A la madre de mi padre apenas la conocí. Había muerto cuando yo aún era muy pequeña y tan solo recordaba su falda de lana recia y sus enaguas de tafetán, que producían un sonido melodioso al rozar sobre sus pantis. Una santa dulzura, decía de ella tía Inga. Mi madre, en cambio, veía las cosas de otra manera: decía que su suegra había desatendido el propio hogar de tanto matarse a trabajar para otras familias. Su casa no estaba bien atendida, casi nunca cocinaba, por no hablar de los hijos, de quienes se habría podido ocupar un poco más. Mi padre era muy puntilloso, amaba el orden sistemático, la disposición racional de las cosas basada en la economía de movimiento y la limpieza eficiente. El caos le causaba un dolor físico y, por ello, casi todas las noches ponía orden en el desorden dejado por su madre. Gracia, donaire y sentido del humor no eran parte de la herencia que la madre, en su tierna santidad, les había dejado a sus cuatro hijos. Mi padre aprendió a divertirse —y a divertir a los demás— más tarde, gracias a mi madre, mucho después de que por fin se decidiera a dirigirle la palabra, hacia el final de la temporada de patinaje en Marburgo.

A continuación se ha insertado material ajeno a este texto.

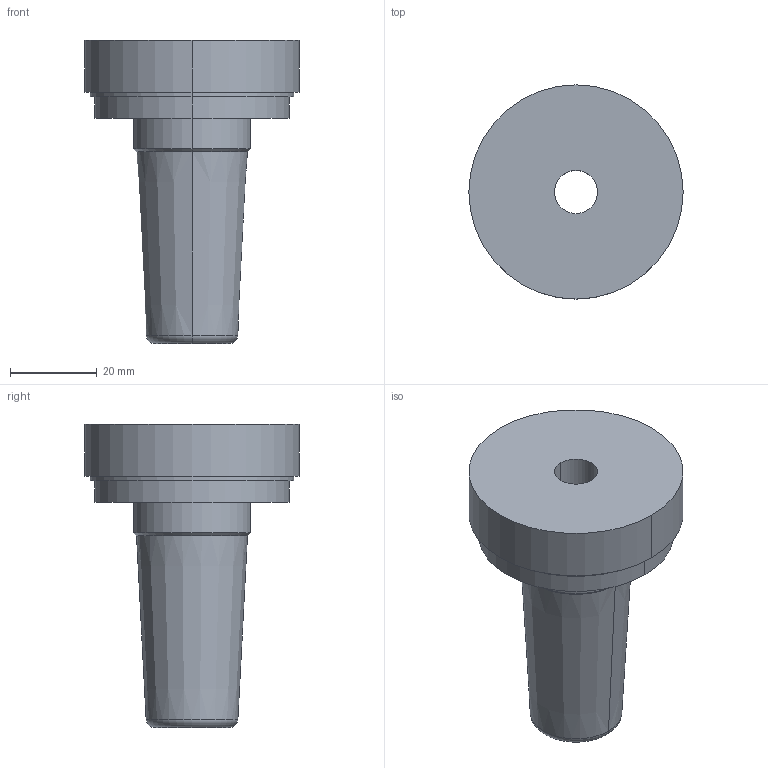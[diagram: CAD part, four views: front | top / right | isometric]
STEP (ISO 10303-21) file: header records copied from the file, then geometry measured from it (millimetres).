
FILE_DESCRIPTION((''),'2;1');
FILE_NAME('8432712600','2022-01-25T10:00:38',('thiemer'),(''),'CREO PARAMETRIC BY PTC INC, 2021164','CREO PARAMETRIC BY PTC INC, 2021164','');
FILE_SCHEMA(('AUTOMOTIVE_DESIGN { 1 0 10303 214 1 1 1 1 }'));
Length unit declared in the file: millimetre
Products named in the file (1): 8432712600
Bounding box: 49.5 x 49.5 x 70 mm (x, y, z)
Volume: 49053.9 mm3; surface area: 12541.3 mm2
Topology: 1 solids, 1 shells, 24 faces, 48 edges, 30 vertices
Faces by surface type: cylinder 12, plane 6, cone 4, torus 2
Entity records: 1097 total; most frequent: DIRECTION 160, CARTESIAN_POINT 125, ORIENTED_EDGE 96, AXIS2_PLACEMENT_3D 67, PRESENTATION_STYLE_ASSIGNMENT 62, STYLED_ITEM 62, CURVE_STYLE 61, EDGE_CURVE 48

Cuando el hielo empezó a perder brillo y comenzaban a formarse charcos debajo de los puentes, mi padre hizo de tripas corazón y, tras quince días de giros y piruetas, se presentó formalmente diciendo: «El coeficiente de rozamiento entre los patines y el hielo es de un promedio 0,01, sin que importe el peso del patinador. ¿No es algo sorprendente?».
Christa se puso colorada y vio que las esquirlas de hielo en los dientes de sierra de sus patines se estaban derritiendo y goteaban como lágrimas de metal reluciente. No, no lo sabía, y sí, aquello era, en efecto, muy sorprendente. Ambos enmudecieron hasta que, después de una larga, larguísima pausa, Christa le preguntó que quién le había dado una información tan precisa de todo aquello. El respondió con rapidez y se ofreció a enseñarle un día el Instituto de Física donde había un aparato para producir hielo seco. «Con mucho gusto», respondió Christa sin levantar los ojos, esforzándose por esbozar una sonrisa en aquel rostro teñido de rubor. Dietrich asintió y dijo: «Hasta pronto» y, muy aliviados, los dos se separaron a toda prisa.